Pria yang duduk di seberang Jihye bungkam. Padahal Jungkook hanya mencoba menggoda Jihye, tapi ternyata reaksi wanita itu di luar perkiraannya—apalagi saat Jihye mencubit punggung tangannya dengan keras lantaran ia tak kunjung bersuara.

Mengusap punggung tangan dengan bibir mengerucut sebab menggerutu kesakitan, Jungkook kemudian meringis. "Aku cuma bercanda, Jiy—astaga, aku bahkan tidak punya kontaknya sama sekali," ujar Jungkook.

"Jadi, kalau punya kontaknya kau akan tetap mengundangnya?"
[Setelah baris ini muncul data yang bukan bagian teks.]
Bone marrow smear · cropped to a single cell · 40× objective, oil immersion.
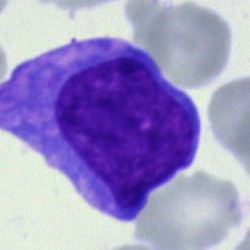
Specimen: bone marrow smear.
Cell: undifferentiated blast.
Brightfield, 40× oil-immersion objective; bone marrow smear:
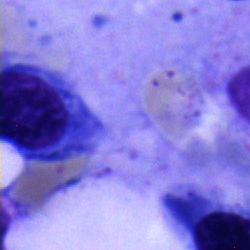

Morphology → nucleated red cell.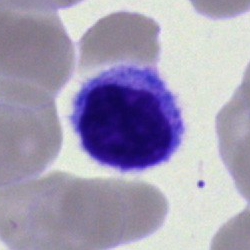 A typical lymphocyte.
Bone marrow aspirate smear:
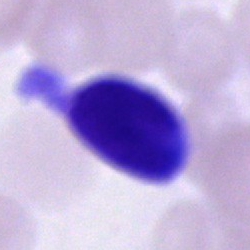

Showing an unidentifiable cell.
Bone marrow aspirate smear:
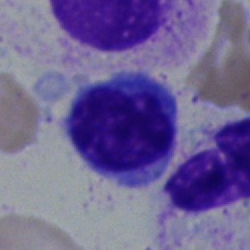 A lymphocyte.
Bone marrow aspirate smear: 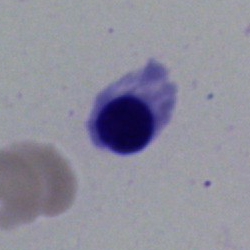The cell shown is a normoblast.
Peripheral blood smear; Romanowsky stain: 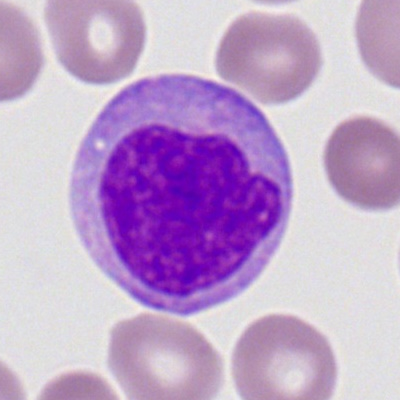Q: What is shown here?
A: Myeloid blast.
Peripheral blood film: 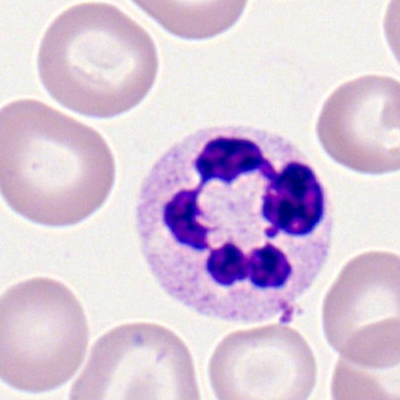
{"cell_type": "segmented neutrophil", "lineage": "myeloid"}
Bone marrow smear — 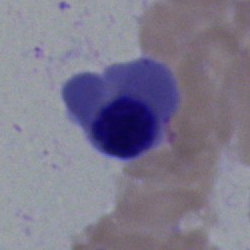
The classification is nucleated red cell.
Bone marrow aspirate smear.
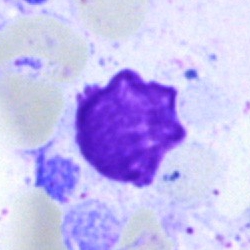 This is an artifact.
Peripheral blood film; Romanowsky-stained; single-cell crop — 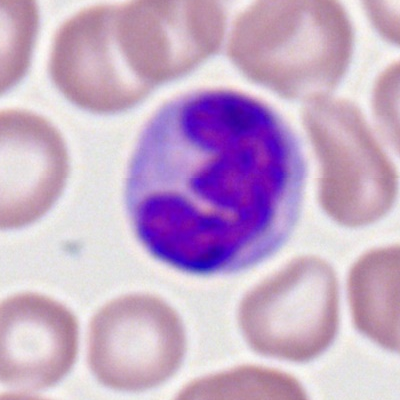

Classification = monocyte.
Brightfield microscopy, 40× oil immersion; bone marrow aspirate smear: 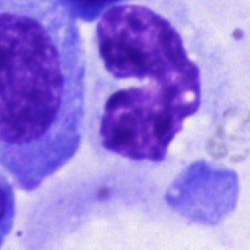Showing an unidentifiable cell.
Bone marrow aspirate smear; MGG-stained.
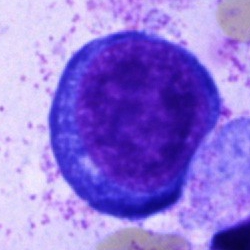
Cell — proerythroblast.
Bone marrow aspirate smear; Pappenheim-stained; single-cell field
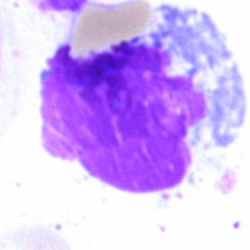 An artefact.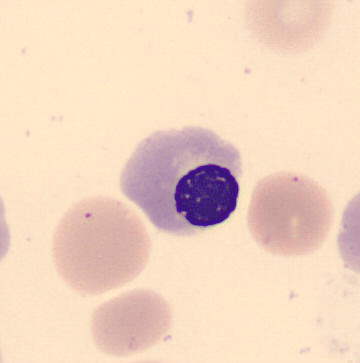Q: Identify the cell.
A: This is an erythroblast.

Peripheral blood smear.
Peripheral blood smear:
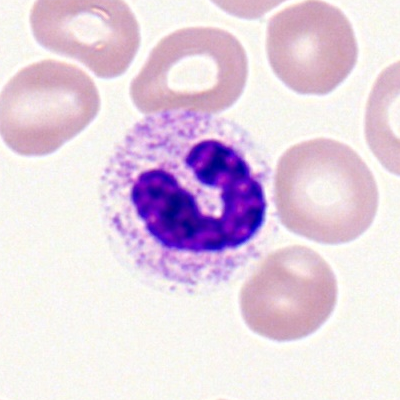Single cell identified as a segmented neutrophil.
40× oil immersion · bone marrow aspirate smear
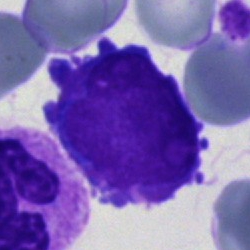

Impression — undifferentiated blast.
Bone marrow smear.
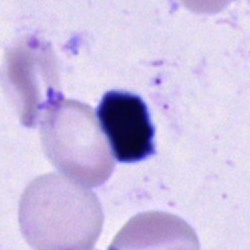{"cell_type": "cell of indeterminate lineage"}
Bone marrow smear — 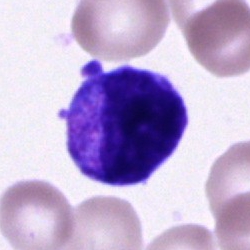 The cell type is unidentifiable cell.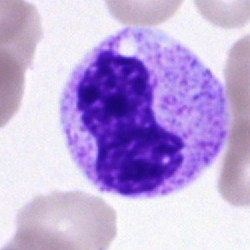
{"cell_type": "stab cell", "lineage": "myeloid"}
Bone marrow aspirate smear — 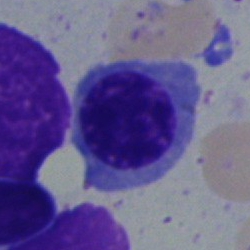

Classification = normoblast.
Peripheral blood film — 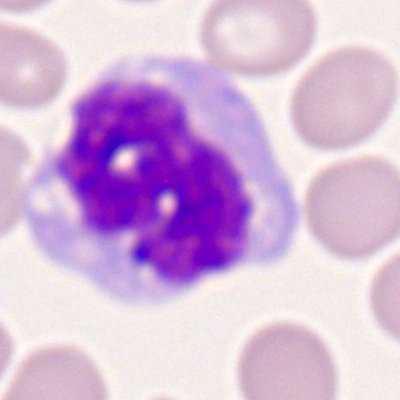
Monocyte.
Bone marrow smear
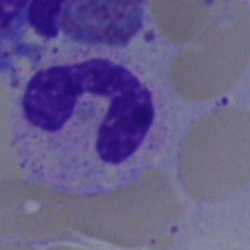Specimen: bone marrow aspirate smear.
Cell: neutrophil (segmented).
Lineage: myeloid.
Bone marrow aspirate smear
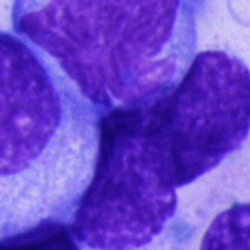 Morphology — cell of indeterminate lineage.
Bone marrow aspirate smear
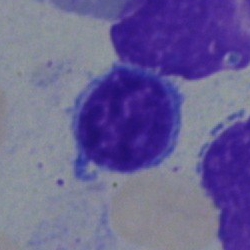

Lymphocyte.
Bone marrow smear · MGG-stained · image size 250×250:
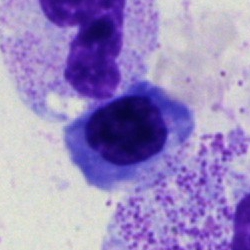

Nucleated red blood cell.
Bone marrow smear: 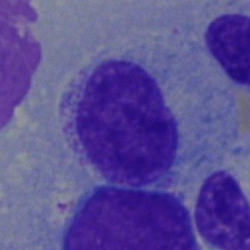

Myelocyte.
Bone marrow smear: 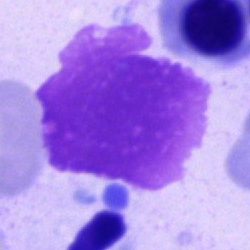 Specimen: bone marrow aspirate smear.
Cell: artifact.
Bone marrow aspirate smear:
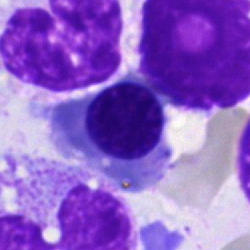 The classification is normoblast.
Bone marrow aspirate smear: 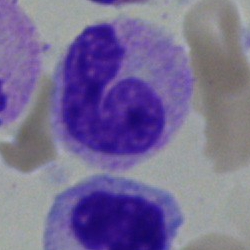
The cell shown is a band neutrophil.
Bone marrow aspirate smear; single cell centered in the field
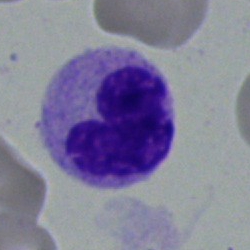Band-form neutrophil.
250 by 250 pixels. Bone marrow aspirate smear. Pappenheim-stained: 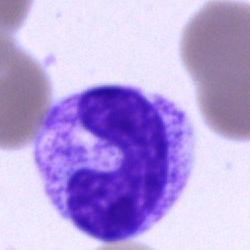

Q: What is shown here?
A: This is a band-form neutrophil.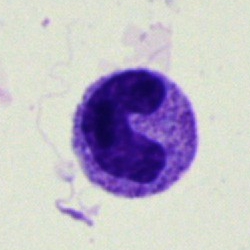{"cell_type": "neutrophil (band)"}
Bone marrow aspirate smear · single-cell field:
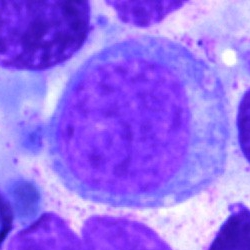Q: What type of cell is this?
A: A promyelocyte.
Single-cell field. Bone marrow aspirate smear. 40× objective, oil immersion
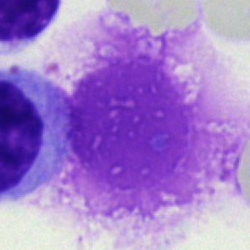
Morphology — artefact.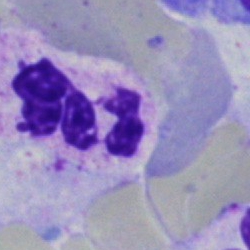Q: Which cell type is shown here?
A: Segmented neutrophil.
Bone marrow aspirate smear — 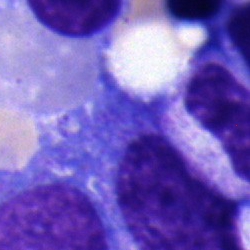The classification is myelocyte.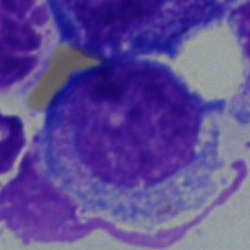
Cell — myelocyte.
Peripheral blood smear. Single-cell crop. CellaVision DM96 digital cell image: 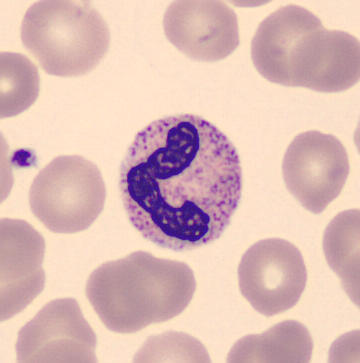Classification = band neutrophil.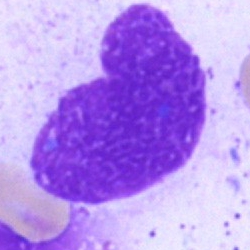 The cell type is artifact.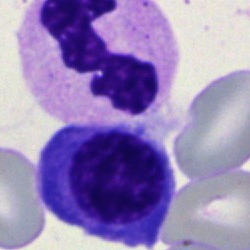
Specimen: bone marrow smear.
Classification: neutrophil (segmented).
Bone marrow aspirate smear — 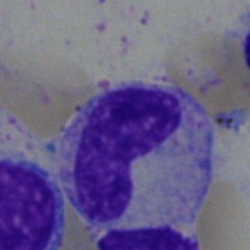

Classification — metamyelocyte.
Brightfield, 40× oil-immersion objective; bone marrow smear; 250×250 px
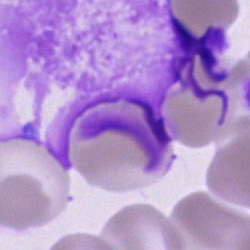 Q: What is shown here?
A: It is an artefact.
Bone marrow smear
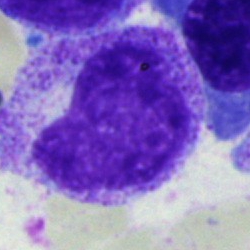Impression → progranulocyte.
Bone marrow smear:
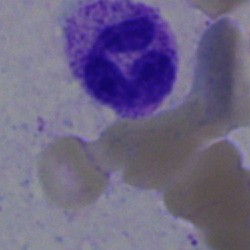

"Tidak, Sayang ..." Jungkook menyapu pandangan ke penjuru restoran. Beruntung karena tidak ada orang yang melihat ke arah mereka saat ini. Bisa-bisa Jungkook malu karena mendapat amukan dari Jihye di tengah-tengah pengunjung restoran. Setelah itu mereka kembali bungkam. Syukurlah karena Jihye berhasil ditenangkan dengan usapan lembut di punggung tangan kirinya.

Jungkook diam-diam tersenyum. Membayangkan bagaimana air muka Jihye yang sedang kesal membuat perutnya seolah digelitik. Seandainya sejak dulu ia berani mencintai Jihye tanpa adanya rasa malu dan benci kepada dirinya sendiri, mungkin saat ini mereka telah menikah dan Jungkook bisa merasakan perhatian Jihye lebih banyak.

Dulu saat Jihye memergoki dirinya dan Minjae tengah berciuman, wanita itu tidak pernah menunjukkan ekspresi jengkel atau cemburunya. Ia hanya akan tersenyum dan menyimpan tangisnya sendirian. Jungkook paham betul bagaimana perasaan Jihye kala itu. Dia bukan hanya melukai hati Jihye, tapi juga mematahkannya.